Echoes from the ARF part II…More from Sthanunathan
Let us listen to Stan. Why not? Few others are as eloquent or as outspoken. Besides he is the most quotable.
He is now well known for calling quality “table stakes”, that is the minimum needed to move forward in the research game. There is a certain degree of symmetry to his thinking. We are the keepers of the sample frame. He is the end user of our intellectual output. We must innovate and in his words, “Develop the product, short list the flavor, design the label.”
Nothing less will do. Debates over quality must come to an end. Stan won’t pay for better quality; he doesn’t even want to entertain the debate. If it becomes his responsibility to keep the sample frame than he is looking backwards, doing the tasks we should be trained to accomplish.
Echoes from the ARF… Research: “Driving forward while looking through the rear view mirror.”
It’s not a pretty prospect. “No company has become great by looking back.” Market research is at that fateful fork in the road where either it shakes the quality debate or it is forever going to be explaining itself.
End users have no wish to wallow in our troubles.
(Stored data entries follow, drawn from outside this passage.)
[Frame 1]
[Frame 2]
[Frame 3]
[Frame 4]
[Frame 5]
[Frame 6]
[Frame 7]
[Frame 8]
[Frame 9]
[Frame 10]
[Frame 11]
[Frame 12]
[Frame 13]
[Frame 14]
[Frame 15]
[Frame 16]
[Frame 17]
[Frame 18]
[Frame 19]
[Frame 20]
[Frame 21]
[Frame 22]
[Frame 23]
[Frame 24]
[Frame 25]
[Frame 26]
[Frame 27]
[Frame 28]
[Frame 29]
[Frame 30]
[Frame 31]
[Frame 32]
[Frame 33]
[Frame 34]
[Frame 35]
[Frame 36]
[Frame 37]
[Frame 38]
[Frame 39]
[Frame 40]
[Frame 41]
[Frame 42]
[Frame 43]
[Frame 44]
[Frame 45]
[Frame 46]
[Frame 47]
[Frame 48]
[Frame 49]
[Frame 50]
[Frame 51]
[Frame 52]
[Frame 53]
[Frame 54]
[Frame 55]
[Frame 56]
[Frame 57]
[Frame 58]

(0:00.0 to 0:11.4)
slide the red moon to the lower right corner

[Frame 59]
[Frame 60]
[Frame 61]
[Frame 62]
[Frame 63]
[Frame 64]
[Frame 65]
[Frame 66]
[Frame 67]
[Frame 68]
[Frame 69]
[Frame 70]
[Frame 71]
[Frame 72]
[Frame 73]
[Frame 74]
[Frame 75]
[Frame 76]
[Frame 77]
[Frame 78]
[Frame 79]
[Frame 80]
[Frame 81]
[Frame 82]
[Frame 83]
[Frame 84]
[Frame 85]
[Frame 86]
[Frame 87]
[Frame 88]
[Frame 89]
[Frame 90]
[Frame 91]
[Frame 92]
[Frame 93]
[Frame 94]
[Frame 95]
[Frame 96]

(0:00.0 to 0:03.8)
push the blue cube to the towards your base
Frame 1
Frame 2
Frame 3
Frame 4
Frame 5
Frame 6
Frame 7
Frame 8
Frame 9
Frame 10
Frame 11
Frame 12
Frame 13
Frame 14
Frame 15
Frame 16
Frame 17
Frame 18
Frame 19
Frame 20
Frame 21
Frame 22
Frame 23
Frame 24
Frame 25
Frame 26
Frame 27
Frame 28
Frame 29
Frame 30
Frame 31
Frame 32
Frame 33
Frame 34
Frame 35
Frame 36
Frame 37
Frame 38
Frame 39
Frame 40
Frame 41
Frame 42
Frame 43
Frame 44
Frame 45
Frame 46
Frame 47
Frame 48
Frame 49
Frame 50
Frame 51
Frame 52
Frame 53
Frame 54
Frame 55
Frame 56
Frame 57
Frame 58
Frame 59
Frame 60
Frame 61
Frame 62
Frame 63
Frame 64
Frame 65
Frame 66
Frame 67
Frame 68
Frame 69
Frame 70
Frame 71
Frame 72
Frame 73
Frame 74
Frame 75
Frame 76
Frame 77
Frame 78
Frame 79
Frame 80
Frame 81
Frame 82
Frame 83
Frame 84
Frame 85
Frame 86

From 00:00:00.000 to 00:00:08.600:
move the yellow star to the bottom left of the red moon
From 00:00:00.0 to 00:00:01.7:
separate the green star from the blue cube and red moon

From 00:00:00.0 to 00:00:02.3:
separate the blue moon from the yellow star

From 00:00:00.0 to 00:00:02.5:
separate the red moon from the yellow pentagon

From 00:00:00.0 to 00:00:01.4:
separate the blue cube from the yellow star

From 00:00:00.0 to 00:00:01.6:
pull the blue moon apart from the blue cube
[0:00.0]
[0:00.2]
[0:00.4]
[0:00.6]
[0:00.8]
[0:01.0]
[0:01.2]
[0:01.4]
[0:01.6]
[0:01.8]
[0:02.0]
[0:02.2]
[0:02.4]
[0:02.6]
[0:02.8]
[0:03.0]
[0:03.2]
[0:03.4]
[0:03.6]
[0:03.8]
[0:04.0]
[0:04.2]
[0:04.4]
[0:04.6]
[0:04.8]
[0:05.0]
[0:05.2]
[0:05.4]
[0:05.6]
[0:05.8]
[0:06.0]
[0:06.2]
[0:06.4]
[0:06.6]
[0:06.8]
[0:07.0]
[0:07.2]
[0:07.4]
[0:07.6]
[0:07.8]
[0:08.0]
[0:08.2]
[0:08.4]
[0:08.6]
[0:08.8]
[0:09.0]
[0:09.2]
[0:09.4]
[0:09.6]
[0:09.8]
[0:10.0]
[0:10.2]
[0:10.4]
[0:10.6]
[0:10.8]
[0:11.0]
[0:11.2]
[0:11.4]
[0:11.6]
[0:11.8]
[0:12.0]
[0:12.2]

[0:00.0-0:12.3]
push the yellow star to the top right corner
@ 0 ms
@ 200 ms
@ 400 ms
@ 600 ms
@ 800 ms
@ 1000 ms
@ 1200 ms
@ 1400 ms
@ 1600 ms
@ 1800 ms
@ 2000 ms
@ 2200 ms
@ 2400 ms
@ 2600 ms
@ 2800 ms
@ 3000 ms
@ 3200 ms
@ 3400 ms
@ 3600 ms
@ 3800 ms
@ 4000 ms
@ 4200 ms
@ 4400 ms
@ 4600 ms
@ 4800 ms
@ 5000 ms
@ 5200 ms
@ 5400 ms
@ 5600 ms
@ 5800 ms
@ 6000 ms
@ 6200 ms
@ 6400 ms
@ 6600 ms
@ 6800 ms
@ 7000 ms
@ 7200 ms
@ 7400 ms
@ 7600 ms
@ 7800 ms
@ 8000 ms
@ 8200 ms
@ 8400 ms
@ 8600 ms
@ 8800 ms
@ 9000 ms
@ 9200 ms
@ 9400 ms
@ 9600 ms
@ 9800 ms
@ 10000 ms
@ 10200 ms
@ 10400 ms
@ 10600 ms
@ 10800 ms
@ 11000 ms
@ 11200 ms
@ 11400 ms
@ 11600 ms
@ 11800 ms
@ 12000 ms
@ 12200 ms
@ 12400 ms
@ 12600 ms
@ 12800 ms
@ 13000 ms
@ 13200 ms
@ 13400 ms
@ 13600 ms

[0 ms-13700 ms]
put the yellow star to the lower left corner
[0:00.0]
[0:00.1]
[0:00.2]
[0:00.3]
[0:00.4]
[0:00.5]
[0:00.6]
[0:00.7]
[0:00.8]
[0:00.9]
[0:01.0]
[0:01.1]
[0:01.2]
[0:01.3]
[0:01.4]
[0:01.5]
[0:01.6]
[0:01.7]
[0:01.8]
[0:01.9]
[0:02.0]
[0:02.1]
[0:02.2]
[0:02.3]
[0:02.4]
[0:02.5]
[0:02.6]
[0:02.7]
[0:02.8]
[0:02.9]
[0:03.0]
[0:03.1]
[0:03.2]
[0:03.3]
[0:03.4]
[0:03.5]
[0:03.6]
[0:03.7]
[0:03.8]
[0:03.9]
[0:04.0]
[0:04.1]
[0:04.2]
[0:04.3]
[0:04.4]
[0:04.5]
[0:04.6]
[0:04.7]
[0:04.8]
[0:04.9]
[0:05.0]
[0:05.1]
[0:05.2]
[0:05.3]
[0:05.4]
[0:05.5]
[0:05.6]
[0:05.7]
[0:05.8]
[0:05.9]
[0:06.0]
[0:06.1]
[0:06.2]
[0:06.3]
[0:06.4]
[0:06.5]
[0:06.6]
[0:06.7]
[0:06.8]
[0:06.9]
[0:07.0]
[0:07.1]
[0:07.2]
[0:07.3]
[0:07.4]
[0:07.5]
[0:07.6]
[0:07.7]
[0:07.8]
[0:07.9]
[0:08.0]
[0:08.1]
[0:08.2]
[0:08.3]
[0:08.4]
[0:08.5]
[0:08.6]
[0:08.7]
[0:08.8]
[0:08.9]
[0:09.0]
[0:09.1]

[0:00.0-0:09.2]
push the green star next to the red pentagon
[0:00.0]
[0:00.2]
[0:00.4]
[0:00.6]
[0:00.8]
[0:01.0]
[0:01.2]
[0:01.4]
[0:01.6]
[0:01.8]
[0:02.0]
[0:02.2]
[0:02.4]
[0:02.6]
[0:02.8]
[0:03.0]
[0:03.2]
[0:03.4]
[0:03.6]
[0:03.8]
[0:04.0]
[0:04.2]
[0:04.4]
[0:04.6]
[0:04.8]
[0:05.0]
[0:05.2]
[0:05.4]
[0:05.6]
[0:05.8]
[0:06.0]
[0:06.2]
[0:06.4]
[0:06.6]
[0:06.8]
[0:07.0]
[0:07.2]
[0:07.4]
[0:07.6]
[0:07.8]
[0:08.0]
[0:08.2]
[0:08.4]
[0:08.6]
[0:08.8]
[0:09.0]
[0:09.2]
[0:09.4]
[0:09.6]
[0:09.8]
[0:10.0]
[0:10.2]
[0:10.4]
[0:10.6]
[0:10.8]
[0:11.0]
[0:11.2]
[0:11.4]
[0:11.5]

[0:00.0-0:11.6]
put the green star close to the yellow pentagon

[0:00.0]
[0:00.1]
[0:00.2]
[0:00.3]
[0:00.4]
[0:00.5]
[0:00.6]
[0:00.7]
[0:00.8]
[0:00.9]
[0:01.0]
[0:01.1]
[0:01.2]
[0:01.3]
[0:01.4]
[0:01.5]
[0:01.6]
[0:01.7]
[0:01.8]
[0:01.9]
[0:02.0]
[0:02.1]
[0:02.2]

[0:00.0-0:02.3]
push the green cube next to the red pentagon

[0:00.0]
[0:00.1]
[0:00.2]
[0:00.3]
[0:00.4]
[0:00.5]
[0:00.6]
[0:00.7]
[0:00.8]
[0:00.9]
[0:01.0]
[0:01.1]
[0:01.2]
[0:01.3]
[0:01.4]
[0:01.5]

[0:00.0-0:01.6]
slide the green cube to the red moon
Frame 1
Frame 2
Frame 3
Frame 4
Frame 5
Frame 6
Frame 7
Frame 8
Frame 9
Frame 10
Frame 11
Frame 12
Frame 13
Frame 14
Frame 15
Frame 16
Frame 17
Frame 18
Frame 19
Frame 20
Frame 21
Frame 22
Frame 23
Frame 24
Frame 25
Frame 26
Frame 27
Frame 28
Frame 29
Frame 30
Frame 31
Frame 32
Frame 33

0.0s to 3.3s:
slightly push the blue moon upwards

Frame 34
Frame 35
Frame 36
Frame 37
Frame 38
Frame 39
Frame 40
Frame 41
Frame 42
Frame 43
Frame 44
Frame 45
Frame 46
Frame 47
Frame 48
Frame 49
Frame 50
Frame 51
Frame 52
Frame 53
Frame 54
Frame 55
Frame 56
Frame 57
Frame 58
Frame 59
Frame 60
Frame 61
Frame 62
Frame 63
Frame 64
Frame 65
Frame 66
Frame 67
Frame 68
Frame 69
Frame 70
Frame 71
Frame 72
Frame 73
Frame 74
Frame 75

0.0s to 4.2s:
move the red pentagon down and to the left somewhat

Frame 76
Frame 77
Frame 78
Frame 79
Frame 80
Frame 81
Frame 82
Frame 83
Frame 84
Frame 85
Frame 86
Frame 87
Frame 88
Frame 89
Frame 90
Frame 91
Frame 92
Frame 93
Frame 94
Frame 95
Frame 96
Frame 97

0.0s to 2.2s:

They see opportunity beyond those recessionary hills and either we fill their needs or are left to lick our wounds. Business “…as usual is not an option….inspiration and provocation are needed to drive transformation and change.” “If transformation does not happen, we will be left behind.”
There is a seat for us at the corporate table but it is to drive focus on return on investment, “To help companies seek what we (they) don’t know.” They would say, “We don’t know what we don’t know and we don’t know how to know what we don’t know.”
All these quotes are from the very quotable Stan Sthanunathan, research chair of Coca-Cola. His rhetoric is a telling measure of unspoken end user opinion. Few of them are willing to put themselves out there as does Stan. His is a lightning rod position as chair of the Advertising Research Foundation’s important research quality effort. He is also a chosen keynote and at the ARF’s annual meeting he was freed to voice his vociferous opinions.